Siglas e conteúdos
  Ontem o Paraná tomou melhor conhecimento do que é e o que pretende o partido de Gilberto Kassab, prefeito de São Paulo, o PSD. Durante longo tempo foi o maior partido brasileiro e aquele que dava consistência ao simulacro de frente popular com o PTB e que por muito tempo manteve a hegemonia que alcançaria seu momento maior com Juscelino Kubitschek.
  Na verdade o que se tenta sugerir é que o símbolo inspirador está na figura do ex-presidente e do clima que criou, de extrema euforia na ideia-força dos cinquenta anos em cinco. Também foi pensando nisso que Itamar Franco, que por ser mineiro conhece o imaginário da terra, falou em refabricar o fusca, o que na verdade visava ‘‘recriar’’ o pique do final dos anos 50, século passado.
  Nominalmente o PSD, criado por Getúlio Vargas, seria social-democrata, ordem que busca o welfare state, o estado do bem-estar social, como se vê ainda hoje notadamente na Europa. O Brasil desse tempo era rural, a esmagadora maioria da população estava no campo e por isso Getúlio bolou o Partido Trabalhista Brasileiro para o nascente proletariado urbano.
  Como vivemos um tempo anti-ideológico e dominado por um pragmatismo, em que não há espaço para utopias, a busca é rigorosamente utilitária e por isso essencialmente fisiológica. Essa é a marca da maioria dos partidos, mesmo daqueles que até outro dia pregavam a ruptura e a revolução e que encontra no restaurado PSD talvez a expressão mais ajustada.

O fim da história
  Quando Fukuyama, num documento acadêmico, falou no fim da história como sequela natural da derrubada do muro de Berlim, talvez estivesse detectando o último capítulo da ideologia nos estertores da Guerra Fria. A pauta dos doutrinadores passou a não comportar variáveis em torno da luta de classes, mas de sucedâneos para discutir o ajuste da sociedade a uma crítica de sua conformação em termos de valores, de axiologia, mais abrangentes.
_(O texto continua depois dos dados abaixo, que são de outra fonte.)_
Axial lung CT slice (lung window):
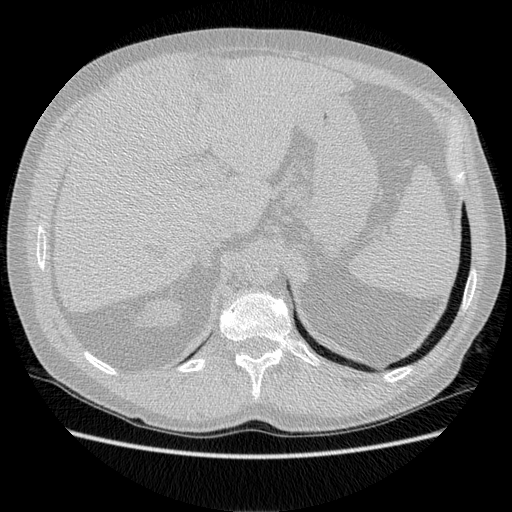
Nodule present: no
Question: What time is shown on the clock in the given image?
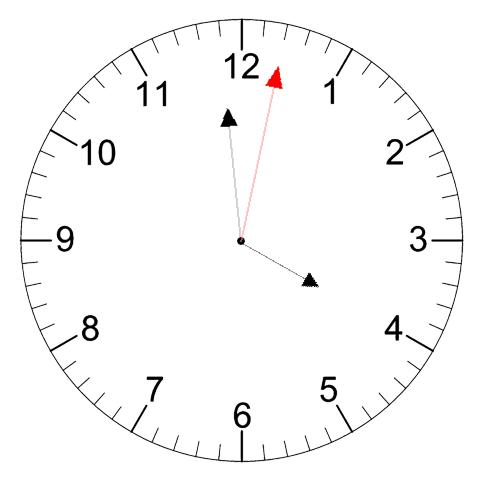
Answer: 03:59:02
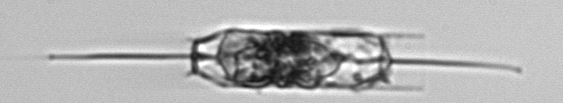
Label: Ditylum_brightwellii
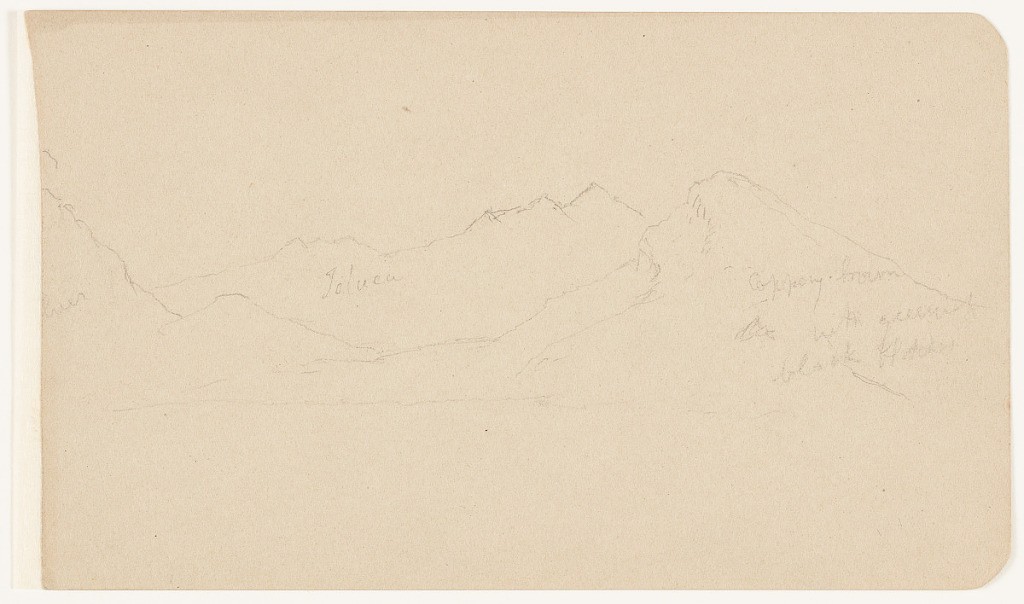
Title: Nevado de Toluca, Mexico
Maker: Frederic Edwin Church, American, 1826–1900
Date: January 1893
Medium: Graphite on beige wove paper
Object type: drawing
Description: Landscape sketch showing a view of the mountain known as Nevado de Toluca in Mexico. In the middle distance, a craggy and rocky prominence rises at right and descends toward the center, where another rugged mountain rises at left. In the background at center, the rugged, serrated ridge of Nevado de Toluca is visible with a tall, sharp peak at right.
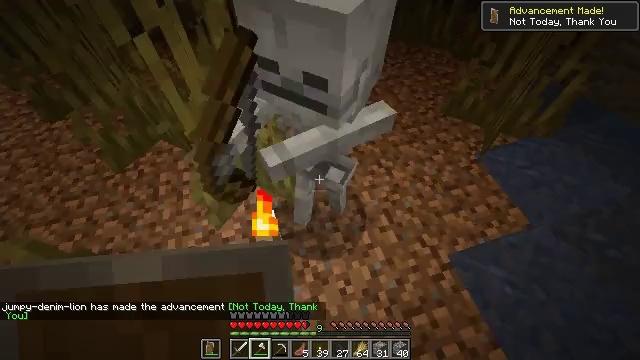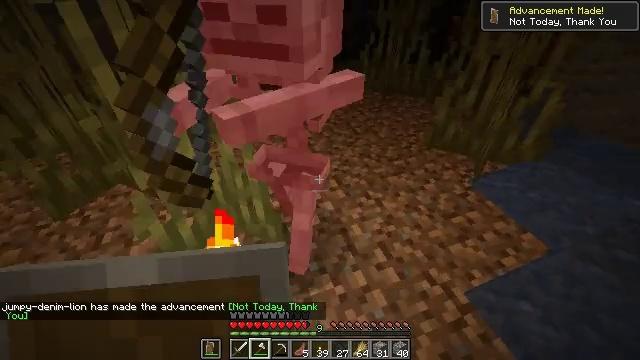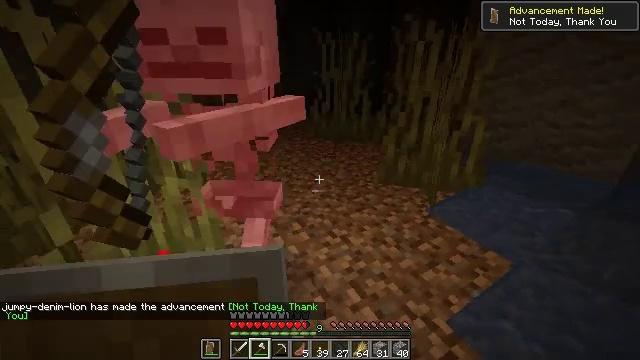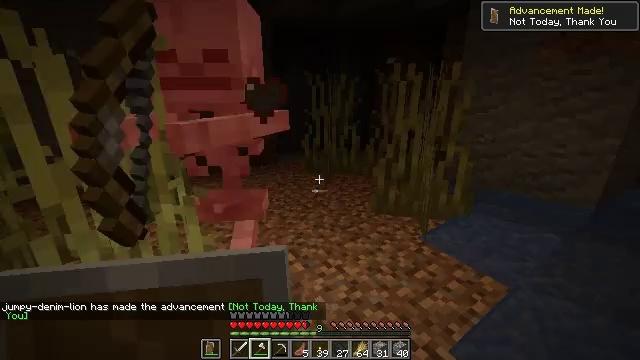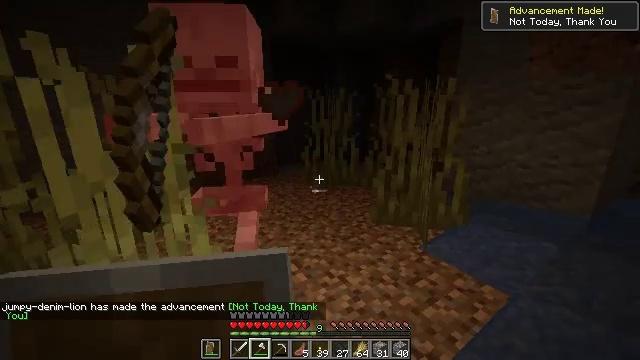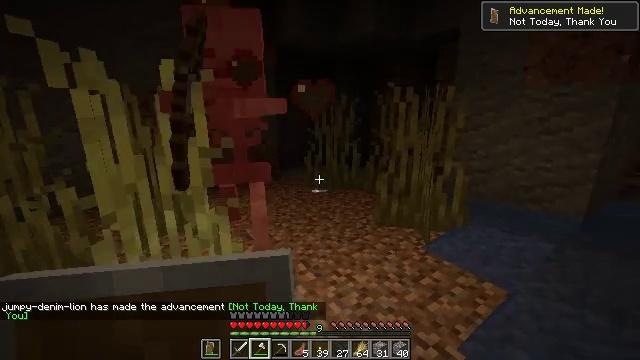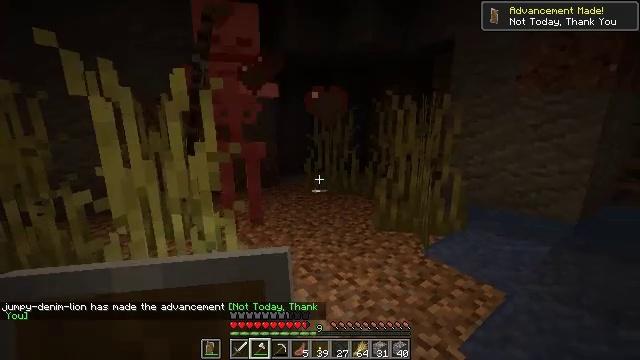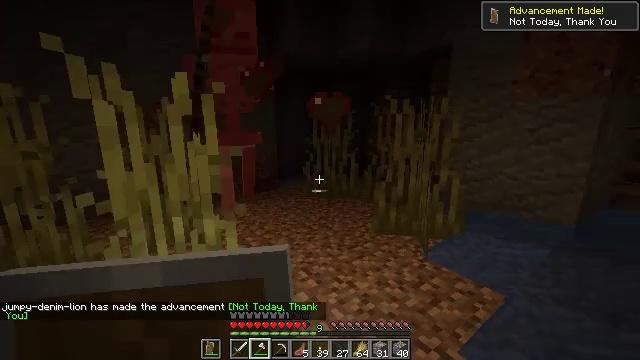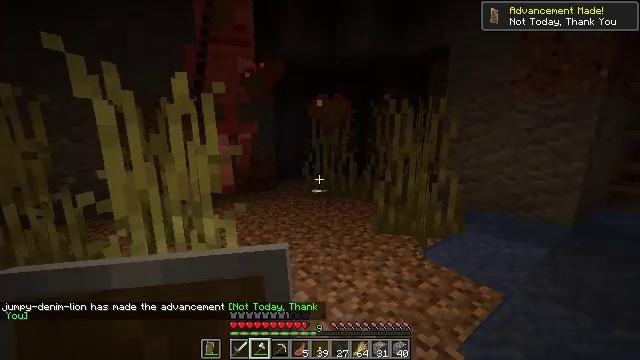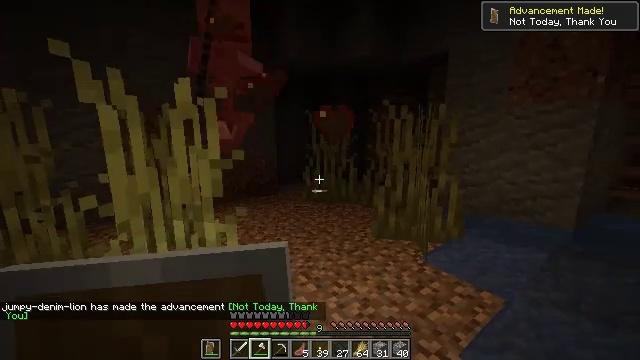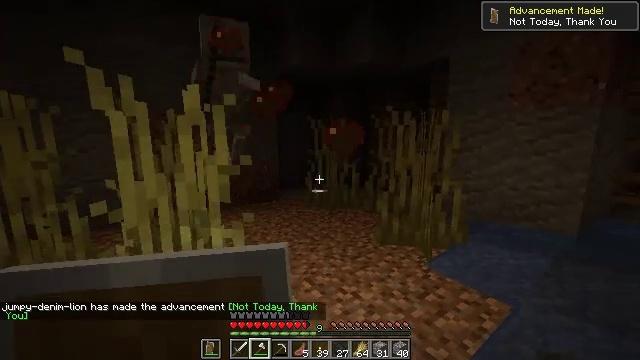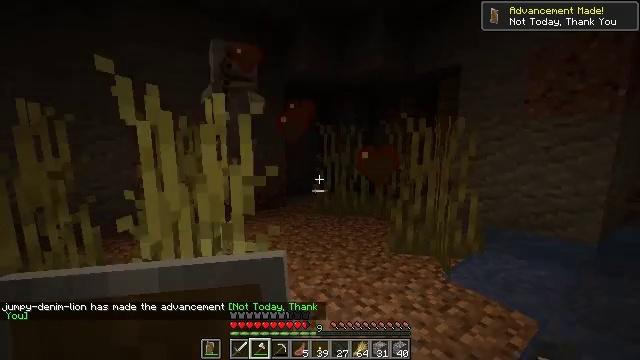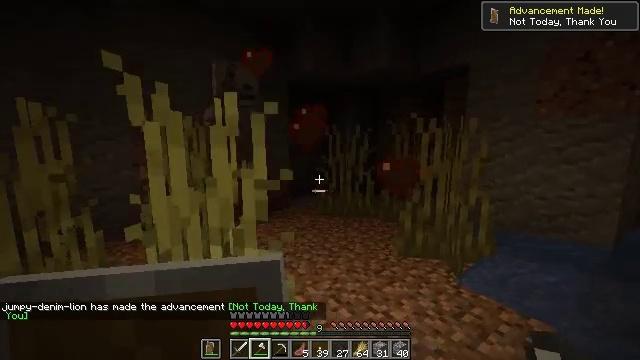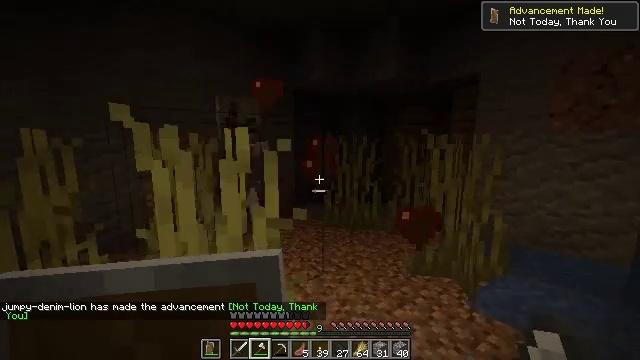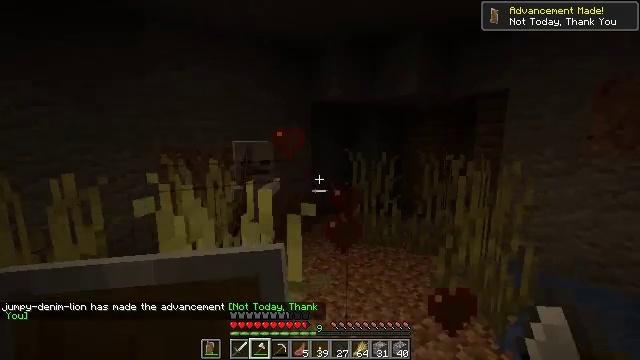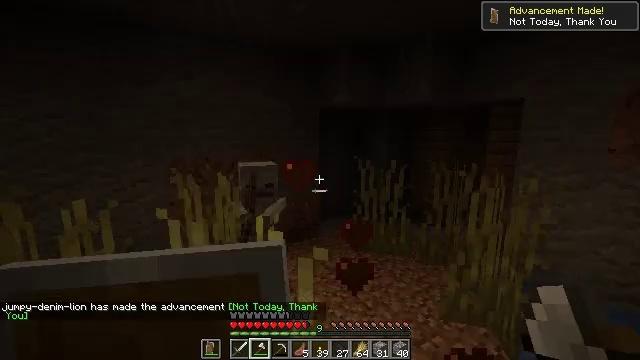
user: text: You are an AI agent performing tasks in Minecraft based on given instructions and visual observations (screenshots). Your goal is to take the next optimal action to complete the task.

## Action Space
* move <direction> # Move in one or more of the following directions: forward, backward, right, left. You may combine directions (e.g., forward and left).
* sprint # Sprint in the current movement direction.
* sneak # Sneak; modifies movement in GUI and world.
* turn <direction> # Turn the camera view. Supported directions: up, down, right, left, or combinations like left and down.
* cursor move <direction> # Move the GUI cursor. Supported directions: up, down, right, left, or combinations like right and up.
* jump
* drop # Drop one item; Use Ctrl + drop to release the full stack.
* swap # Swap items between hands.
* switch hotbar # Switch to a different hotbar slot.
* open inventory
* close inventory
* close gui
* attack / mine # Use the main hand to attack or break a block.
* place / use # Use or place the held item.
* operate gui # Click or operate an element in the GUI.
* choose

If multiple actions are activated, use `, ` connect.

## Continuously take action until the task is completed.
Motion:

Uma delas é a do ambientalismo como fator crítico do capitalismo e um dos maiores e dos últimos ideólogos do Brasil, Leonardo Boff, a introduziu ao lado de um retorno ao misticismo. No debate recente em torno do Código Florestal ficou demonstrado que a bancada do agronegócio é tão forte nas convicções, argumentos e capacidade de mobilização como a dos católicos e evangélicos nos embates de ordem moral e religiosa, posto que a sedução da ecologia seja fator agregador de primeira ordem.
  E é nos debates de questões radicais como essas e a do respeito às diferenças sexuais (a vitória no caso da união de gays se deveu ao STF) que se vê a enorme distância no alinhamento dos partidos e dos seus programas a uma doutrina que abranja as preocupações de hoje, ainda que a sociedade continue desigual e com desníveis deprimentes. O compromisso socialista, o de batalhar pela igualdade, é agora tabulado nas políticas compensatórias como a das bolsas e agora a do Brasil sem miséria que substitui o desgaste daquele plano contra a fome e do lado liberal há um empenho para mostrar que essa tese não significaria a desregulação pretendida na aparente vitória do neoliberalismo.